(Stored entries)
# # # #

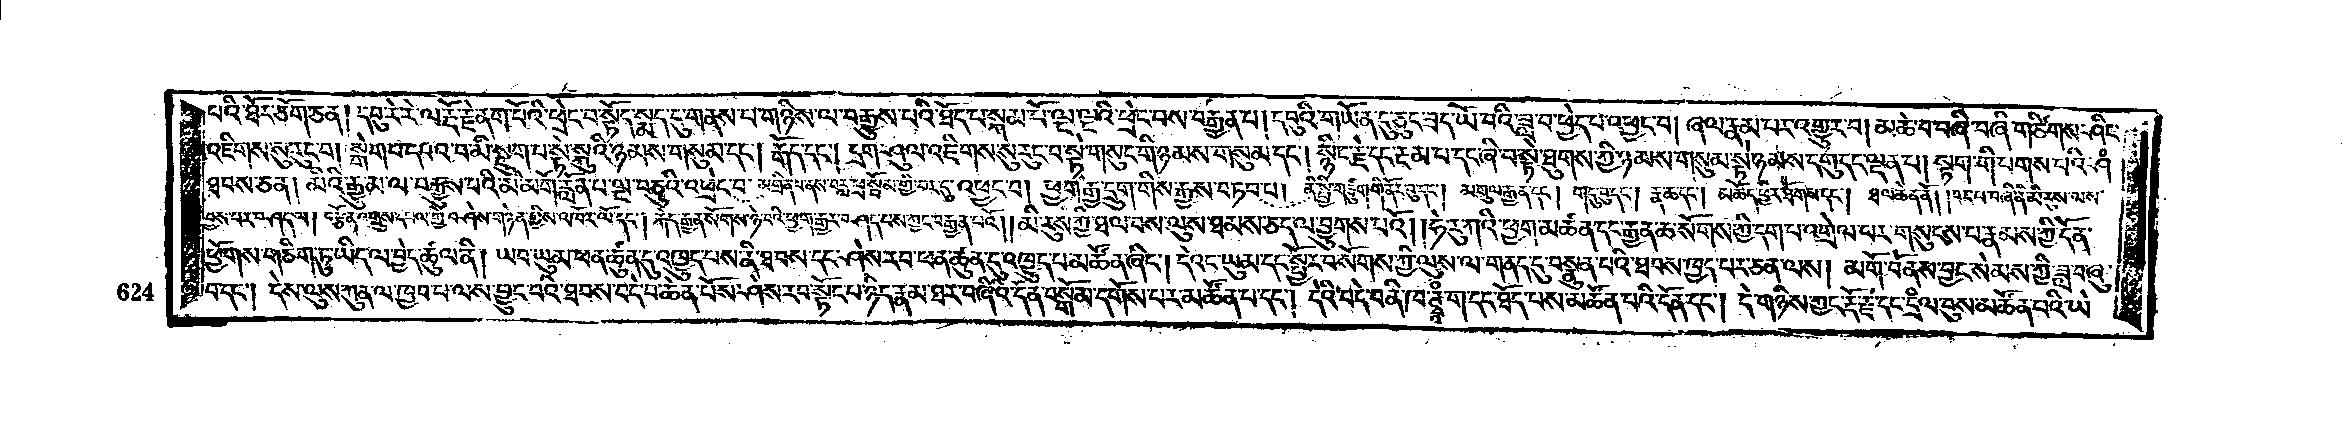པའི་ཐོར་ཅོག་ཅན། དབུ་རེ་རེ་ལ་རྡོ་རྗེ་ནག་པོའི་ཕྲེང་བ་སྟོད་སྨད་དུ་གནས་པ་གཉིས་ལ་བརྒྱུས་པའི་ཐོད་པ་སྐམ་པོ་ལྔ་ལྔའི་ཕྲེང་བས་བརྒྱན་པ། དབུའི་གཡོན་དུ་ཅུང་ཟད་ཡོ་བའི་ཟླ་བ་ཕྱེད་པ་འཕྱང་བ། ཞལ་རྣམ་པར་འགྱུར་བ། མཆེ་བ་བཞི་བཞི་གཙིགས་ཤིང་
འཇིགས་སུ་རུང་བ། སྒེག་པ་དཔའ་བོ་མི་སྡུག་པ་སྟེ་སྐུའི་ཉམས་གསུམ་དང་། རྒོད་དང་། དྲག་ཤུལ་འཇིགས་སུ་རུང་བ་སྟེ་གསུང་གི་ཉམས་གསུམ་དང་། སྙིང་རྗེ་དང་རྔམ་པ་དང་ཞི་བ་སྟེ་ཐུགས་ཀྱི་ཉམས་གསུམ་སྟེ་ཉམས་དགུ་དང་ལྡན་པ། སྟག་གི་པགས་པའི་ཤཾ་
ཐབས་ཅན། མིའི་རྒྱུ་མ་ལ་བརྒྱུས་པའི་མི་མགོ་རློན་པ་ལྔ་བཅུའི་འཕྲེང་བ་མགྲིན་པ་ནས་བརླ་ཕྲ་སྦོམ་གྱི་བར་དུ་་འཕྱང་བ། ཕྱག་རྒྱ་དྲུག་གིས་རྒྱས་བཏབ་པ། ནི་སྤྱི་གཙུག་གི་ནོར་བྱ་དང་། མགུལ་རྒྱན་དང་། གདུ་བུ་དང་། རྣ་ཆ་དང་། མཆོད་ཕྱིར་ཐོགས་དང་། ཐལ་ཆེན་ནོ། བར་པ་བཞི་ནི་མི་རུས་ལས་
བྱས་པས་བཤད་ལ། བརྩོན་འགྲུས་དཔལ་གྱི་བཤེས་གཉེན་གྱིས་འཁོར་ལོ་དང་། རྐེད་རྒྱན་སོགས་ཉེ་བའི་ཕྱག་རྒྱར་བཤད་པའི་ཀྱང་བརྒྱན་པའོ། མི་རུས་ཀྱི་ཐལ་བས་ལུས་ཐམས་ཅད་ལ་བྱུགས་པའོ། །ཧེ་རུ་ཀའི་ཕྱག་མཚན་དང་རྒྱན་ཆ་སོགས་ཀྱི་དག་པ་འགྲེལ་པར་གསུངས་པ་རྣམས་ཀྱི་དེན་
ཕྱོགས་གཅིག་ཏུ་ཡིད་ལ་ཚུལ་ནི། ཡབ་ཡུམ་ཕན་ཚུན་དུ་འཁྱུད་པས་ནི་ཐབས་དང་ཤེས་རབ་ཕན་ཚུན་དུ་འཁྱུད་པ་མཚོན་ཞིང་། ཨདེའང་ཡུམ་དང་སྦྱོར་བ་སོགས་ཀྱི་ལུས་ལ་གནད་དུ་བསྣུན་པའི་ཐབས་ཁྱད་པར་ཅན་ལས། མགོ་བོ་ནས་བྱང་སེམས་ཀྱི་ཟླ་བ་ཞུ་
བ་དང་། དེས་ལུས་ཀུན་ལ་ཁྱབ་པ་ལས་བྱུང་བའི་ཐབས་བདེ་བ་ཆེན་པོས་ཤེས་རབ་སྟོང་པ་ཉིད་རྣམ་ཐར་བཞིའི་དོན་བསྒོམ་དགོས་པར་མཚོན་པ་དང་། དེའི་བདེ་བ་ནི་ཁ་ཊྭཱཾ་ག་དང་ཐོད་པས་མཚོན་པའི་དོན་དང་། དེ་གཉིས་ཀྱང་རྡོ་རྗེ་དང་དྲིལ་བུས་མཚོན་པའི་ཡེ་
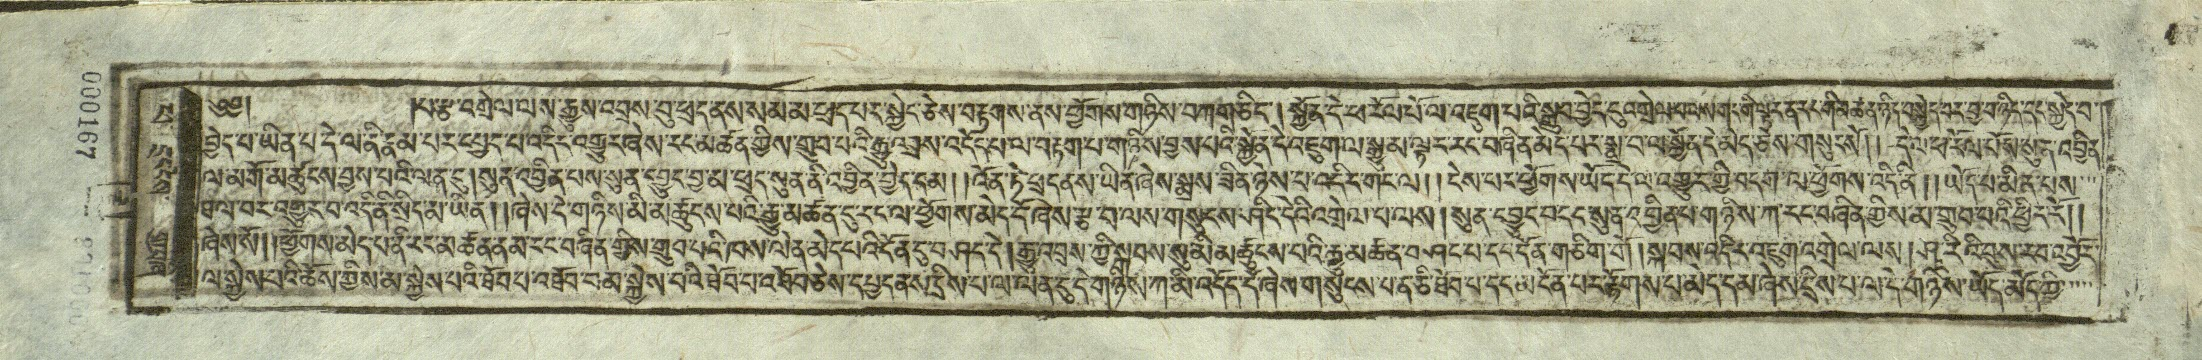༄༅། །པ་རྩ་འགྲེལ་ལས་རྒྱུས་འབྲས་བུ་ཕྲད་ནས་སམ་མ་ཕྲད་པར་སྐྱེད་ཅེས་བརྟགས་ནས་ཕྱོགས་གཉིས་བཀག་ཅིང་། སྐྱོན་དེ་ཕ་རོལ་པོ་ལ་འཇུག་པའི་སྒྲུབ་བྱེད་དུ་འགྲེལ་པ་ལས་གང་གི་ལྟར་ན་རང་གི་མཚན་ཉིད་བསྐྱོད་པར་བྱ་བ་ཉིད་དང་སྐྱེད་པ་
བྱེད་པ་ཡིན་པ་དེ་ལ་ནི་རྣམ་པར་དཔྱད་པ་འདིར་འགྱུར་ཞེས་རང་མཚན་གྱིས་གྲུབ་པའི་རྒྱུ་འབྲས་འདོད་པ་ལ་བརྟག་པ་གཉིས་བྱས་པའི་སྐྱོན་དེ་འཇུག་ལ་སྒྱུ་མ་ལྟར་རང་བཞིན་མེད་པར་སྨྲ་བ་ལ་སྐྱོན་དེ་མེད་ཅེས་གསུངས་སོ། །དེ་ལ་ཕ་རོལ་པོས་སུན་འབྱིན་
ལ་མགོ་མཚུངས་བྱས་པའི་ལན་དུ། སུན་འབྱིན་པས་སུན་དབྱུང་བྱ་མ་ཕྲད་སུན་ནི་འབྱིན་བྱེད་དམ། །འོན་ཏེ་ཕྲད་ནས་ཡིན་ཞེས་སྨྲས་ཟིན་ཉེས་པ་འདིར་གང་ལ། །ངེས་པར་ཕྱོགས་ཡོད་དེ་ལ་འགྱུར་གྱི་བདག་ལ་ཕྱོགས་འདི་ནི། །ཡོད་པ་མིན་པས་
ཐལ་བར་འགྱུར་བ་འདི་ནི་སྲིད་མ་ཡིན། །ཞེས་དེ་གཉིས་མི་མཚུངས་པའི་རྒྱུ་མཚན་དུ་རང་ལ་ཕྱོགས་མེད་དོ་ཞེས་རྩ་བ་ལས་གསུངས་ཤིང་དེའི་འགྲེལ་པ་ལས། སུན་དབྱུང་བྱ་དང་སུན་འབྱིན་པ་གཉིས་ཀ་རང་བཞིན་གྱིས་མ་གྲུབ་པའི་ཕྱིར་རོ། །
ཞེས་སོ། །ཕྱོགས་མེད་པ་ནི་རང་མཚན་ནམ་རང་བཞིན་གྱིས་གྲུབ་པའི་ཁས་ལེན་མེད་པའི་དོན་དུ་བཤད་དེ། རྒྱུ་འབྲས་ཀྱི་སྐབས་སུ་མི་མཚུངས་པའི་རྒྱུ་མཚན་བཤད་པ་དང་དོན་གཅིག་གོ། སྐབས་འདིར་འཇུག་འགྲེལ་ལས། ཤཱ་རིའི་བུས་རབ་འབྱོར་
ལ་སྐྱེས་པའི་ཆོས་ཀྱིས་མ་སྐྱེས་པའི་ཐོབ་པ་འཐོབ་པ་མ་སྐྱེས་པའི་ཐོབ་པ་འཐོབ་ཅེས་དཔྱད་ནས་དྲིས་པ་ལ་ལན་དུ་དེ་གཉིས་ཀ་མི་འདོད་དོ་ཞེས་གསུངས་པ་ན་ཅི་ཐོབ་པ་དང་མངོན་པར་རྟོགས་པ་མེད་དམ་ཞེས་དྲིས་པ་ལ་དེ་གཉིས་ཡོད་མོད་ཀྱི་

# # # #

(EXERCISE INSTRUCTIONS)
Reproduce the data above exactly, leaving out any picture in it.

(RESPONSE TO THE EXERCISE)
པའི་ཐོར་ཅོག་ཅན། དབུ་རེ་རེ་ལ་རྡོ་རྗེ་ནག་པོའི་ཕྲེང་བ་སྟོད་སྨད་དུ་གནས་པ་གཉིས་ལ་བརྒྱུས་པའི་ཐོད་པ་སྐམ་པོ་ལྔ་ལྔའི་ཕྲེང་བས་བརྒྱན་པ། དབུའི་གཡོན་དུ་ཅུང་ཟད་ཡོ་བའི་ཟླ་བ་ཕྱེད་པ་འཕྱང་བ། ཞལ་རྣམ་པར་འགྱུར་བ། མཆེ་བ་བཞི་བཞི་གཙིགས་ཤིང་
འཇིགས་སུ་རུང་བ། སྒེག་པ་དཔའ་བོ་མི་སྡུག་པ་སྟེ་སྐུའི་ཉམས་གསུམ་དང་། རྒོད་དང་། དྲག་ཤུལ་འཇིགས་སུ་རུང་བ་སྟེ་གསུང་གི་ཉམས་གསུམ་དང་། སྙིང་རྗེ་དང་རྔམ་པ་དང་ཞི་བ་སྟེ་ཐུགས་ཀྱི་ཉམས་གསུམ་སྟེ་ཉམས་དགུ་དང་ལྡན་པ། སྟག་གི་པགས་པའི་ཤཾ་
ཐབས་ཅན། མིའི་རྒྱུ་མ་ལ་བརྒྱུས་པའི་མི་མགོ་རློན་པ་ལྔ་བཅུའི་འཕྲེང་བ་མགྲིན་པ་ནས་བརླ་ཕྲ་སྦོམ་གྱི་བར་དུ་་འཕྱང་བ། ཕྱག་རྒྱ་དྲུག་གིས་རྒྱས་བཏབ་པ། ནི་སྤྱི་གཙུག་གི་ནོར་བྱ་དང་། མགུལ་རྒྱན་དང་། གདུ་བུ་དང་། རྣ་ཆ་དང་། མཆོད་ཕྱིར་ཐོགས་དང་། ཐལ་ཆེན་ནོ། བར་པ་བཞི་ནི་མི་རུས་ལས་
བྱས་པས་བཤད་ལ། བརྩོན་འགྲུས་དཔལ་གྱི་བཤེས་གཉེན་གྱིས་འཁོར་ལོ་དང་། རྐེད་རྒྱན་སོགས་ཉེ་བའི་ཕྱག་རྒྱར་བཤད་པའི་ཀྱང་བརྒྱན་པའོ། མི་རུས་ཀྱི་ཐལ་བས་ལུས་ཐམས་ཅད་ལ་བྱུགས་པའོ། །ཧེ་རུ་ཀའི་ཕྱག་མཚན་དང་རྒྱན་ཆ་སོགས་ཀྱི་དག་པ་འགྲེལ་པར་གསུངས་པ་རྣམས་ཀྱི་དེན་
ཕྱོགས་གཅིག་ཏུ་ཡིད་ལ་ཚུལ་ནི། ཡབ་ཡུམ་ཕན་ཚུན་དུ་འཁྱུད་པས་ནི་ཐབས་དང་ཤེས་རབ་ཕན་ཚུན་དུ་འཁྱུད་པ་མཚོན་ཞིང་། ཨདེའང་ཡུམ་དང་སྦྱོར་བ་སོགས་ཀྱི་ལུས་ལ་གནད་དུ་བསྣུན་པའི་ཐབས་ཁྱད་པར་ཅན་ལས། མགོ་བོ་ནས་བྱང་སེམས་ཀྱི་ཟླ་བ་ཞུ་
བ་དང་། དེས་ལུས་ཀུན་ལ་ཁྱབ་པ་ལས་བྱུང་བའི་ཐབས་བདེ་བ་ཆེན་པོས་ཤེས་རབ་སྟོང་པ་ཉིད་རྣམ་ཐར་བཞིའི་དོན་བསྒོམ་དགོས་པར་མཚོན་པ་དང་། དེའི་བདེ་བ་ནི་ཁ་ཊྭཱཾ་ག་དང་ཐོད་པས་མཚོན་པའི་དོན་དང་། དེ་གཉིས་ཀྱང་རྡོ་རྗེ་དང་དྲིལ་བུས་མཚོན་པའི་ཡེ་
༄༅། །པ་རྩ་འགྲེལ་ལས་རྒྱུས་འབྲས་བུ་ཕྲད་ནས་སམ་མ་ཕྲད་པར་སྐྱེད་ཅེས་བརྟགས་ནས་ཕྱོགས་གཉིས་བཀག་ཅིང་། སྐྱོན་དེ་ཕ་རོལ་པོ་ལ་འཇུག་པའི་སྒྲུབ་བྱེད་དུ་འགྲེལ་པ་ལས་གང་གི་ལྟར་ན་རང་གི་མཚན་ཉིད་བསྐྱོད་པར་བྱ་བ་ཉིད་དང་སྐྱེད་པ་
བྱེད་པ་ཡིན་པ་དེ་ལ་ནི་རྣམ་པར་དཔྱད་པ་འདིར་འགྱུར་ཞེས་རང་མཚན་གྱིས་གྲུབ་པའི་རྒྱུ་འབྲས་འདོད་པ་ལ་བརྟག་པ་གཉིས་བྱས་པའི་སྐྱོན་དེ་འཇུག་ལ་སྒྱུ་མ་ལྟར་རང་བཞིན་མེད་པར་སྨྲ་བ་ལ་སྐྱོན་དེ་མེད་ཅེས་གསུངས་སོ། །དེ་ལ་ཕ་རོལ་པོས་སུན་འབྱིན་
ལ་མགོ་མཚུངས་བྱས་པའི་ལན་དུ། སུན་འབྱིན་པས་སུན་དབྱུང་བྱ་མ་ཕྲད་སུན་ནི་འབྱིན་བྱེད་དམ། །འོན་ཏེ་ཕྲད་ནས་ཡིན་ཞེས་སྨྲས་ཟིན་ཉེས་པ་འདིར་གང་ལ། །ངེས་པར་ཕྱོགས་ཡོད་དེ་ལ་འགྱུར་གྱི་བདག་ལ་ཕྱོགས་འདི་ནི། །ཡོད་པ་མིན་པས་
ཐལ་བར་འགྱུར་བ་འདི་ནི་སྲིད་མ་ཡིན། །ཞེས་དེ་གཉིས་མི་མཚུངས་པའི་རྒྱུ་མཚན་དུ་རང་ལ་ཕྱོགས་མེད་དོ་ཞེས་རྩ་བ་ལས་གསུངས་ཤིང་དེའི་འགྲེལ་པ་ལས། སུན་དབྱུང་བྱ་དང་སུན་འབྱིན་པ་གཉིས་ཀ་རང་བཞིན་གྱིས་མ་གྲུབ་པའི་ཕྱིར་རོ། །
ཞེས་སོ། །ཕྱོགས་མེད་པ་ནི་རང་མཚན་ནམ་རང་བཞིན་གྱིས་གྲུབ་པའི་ཁས་ལེན་མེད་པའི་དོན་དུ་བཤད་དེ། རྒྱུ་འབྲས་ཀྱི་སྐབས་སུ་མི་མཚུངས་པའི་རྒྱུ་མཚན་བཤད་པ་དང་དོན་གཅིག་གོ། སྐབས་འདིར་འཇུག་འགྲེལ་ལས། ཤཱ་རིའི་བུས་རབ་འབྱོར་
ལ་སྐྱེས་པའི་ཆོས་ཀྱིས་མ་སྐྱེས་པའི་ཐོབ་པ་འཐོབ་པ་མ་སྐྱེས་པའི་ཐོབ་པ་འཐོབ་ཅེས་དཔྱད་ནས་དྲིས་པ་ལ་ལན་དུ་དེ་གཉིས་ཀ་མི་འདོད་དོ་ཞེས་གསུངས་པ་ན་ཅི་ཐོབ་པ་དང་མངོན་པར་རྟོགས་པ་མེད་དམ་ཞེས་དྲིས་པ་ལ་དེ་གཉིས་ཡོད་མོད་ཀྱི་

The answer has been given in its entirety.